Adeline avait l'impression qu'il sous-entendait autre chose.

« Une fenêtre n'est-elle pas un trou dans le mur ? » ajouta-t-il.

Adeline retint un soupir. Il jouait toujours avec elle. Était-ce parce que sa réaction était divertissante ? Ou était-il si sadique ? Elle croyait que c'était la deuxième option. Ça devait l'être.

Il y avait trop de rumeurs sinistres entourant Elias pour qu'elle croie que ses taquineries étaient par divertissement. Elle avait entendu les histoires terrifiantes, qui étaient chuchotées aux enfants pour qu'ils se comportent bien.

« P-pourquoi aimes-tu me regarder depuis ma fenêtre ? »

« Quelqu'un doit s'assurer que tu ne passes pas de vie à trépas dans ton sommeil. »

« M-mais je suis jeune. »

Elias n'avait jamais prévu de la regarder dormir. La nuit dernière était un événement unique pour s'assurer qu'elle rentre tôt à la maison, et que personne ne la suive bêtement chez elle. Même si elle avait ce garde du corps inutile avec elle, il n'y aurait pas eu assez de temps pour que cet imbécile réagisse.

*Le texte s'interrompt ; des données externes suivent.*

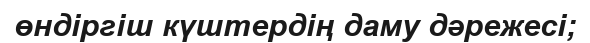
өндіргіш күштердің даму дәрежесі;

« On ne sait jamais, » murmura doucement Elias. Il atteignit et pincée sa joue, lui arrachant un cri.

Adeline toucha instinctivement l'endroit, mais sa main effleura ses phalanges à la place. Son toucher était glacé. Étrangement, c'était rassurant, car il apaisait la chaleur de son corps.

« Les femmes de chambre viendront bientôt te préparer pour dormir. »

Adeline acquiesça lentement.

« Je viendrai plus tard pour te border. »

La tête d'Adeline se releva plus vite qu'il ne pouvait cligner des yeux. Son sourire moqueur s'élargit, atteignant ses yeux. Elle sentait que ses belles caractéristiques étaient gaspillées. S'il allait être si effrayant, autant qu'il en ait l'air. Au lieu de ça, il ressemblait à un sombre prince dans une armure éclatante, prêt à enlever la princesse au lieu de la délivrer de la tour.

« U-un jour, tu vas m-me causer une crise cardiaque, » murmura-t-elle.

Elias fredonna en réponse. Il baissa ses mains et lui rajusta les cheveux encore une fois. Il était irrité par la physique. Il venait juste de lui arranger les cheveux il y a quelques minutes, mais le mouvement de la marche avait envoyé les mèches derrière ses épaules. Autant qu'il aimait voir son cou, il s'inquiétait pour sa santé.

Elle était humaine. Ils étaient aussi fragiles que possible. Une simple coupure de papier était suffisante pour la faire saigner.

« Votre Majesté, » un couple de voix le saluèrent. Stoïques mais polies, ils s'inclinèrent devant leur dirigeant.

Elias hocha la tête. Il ajusta son collier, pour qu'il s'assoie parfaitement entre ses clavicules. Un sourire illumina son visage lorsqu'elle regarda le collier. Ses lèvres s'arrondirent en un sourire rare qui adoucit son regard modeste.

« Ne me manque pas trop, » dit-il en reniflant.

« C-comme si je le ferais… »

Elias rit. Bien sûr qu'elle ne le ferait pas. Il se retourna et s'éloigna, sachant qu'elle était entre de bonnes mains. La seconde où il quitta la porte, le sourire disparut. Il se glissa en silence dans le couloir. Il avait une femme à visiter. Elle devenait à nouveau incontrôlable.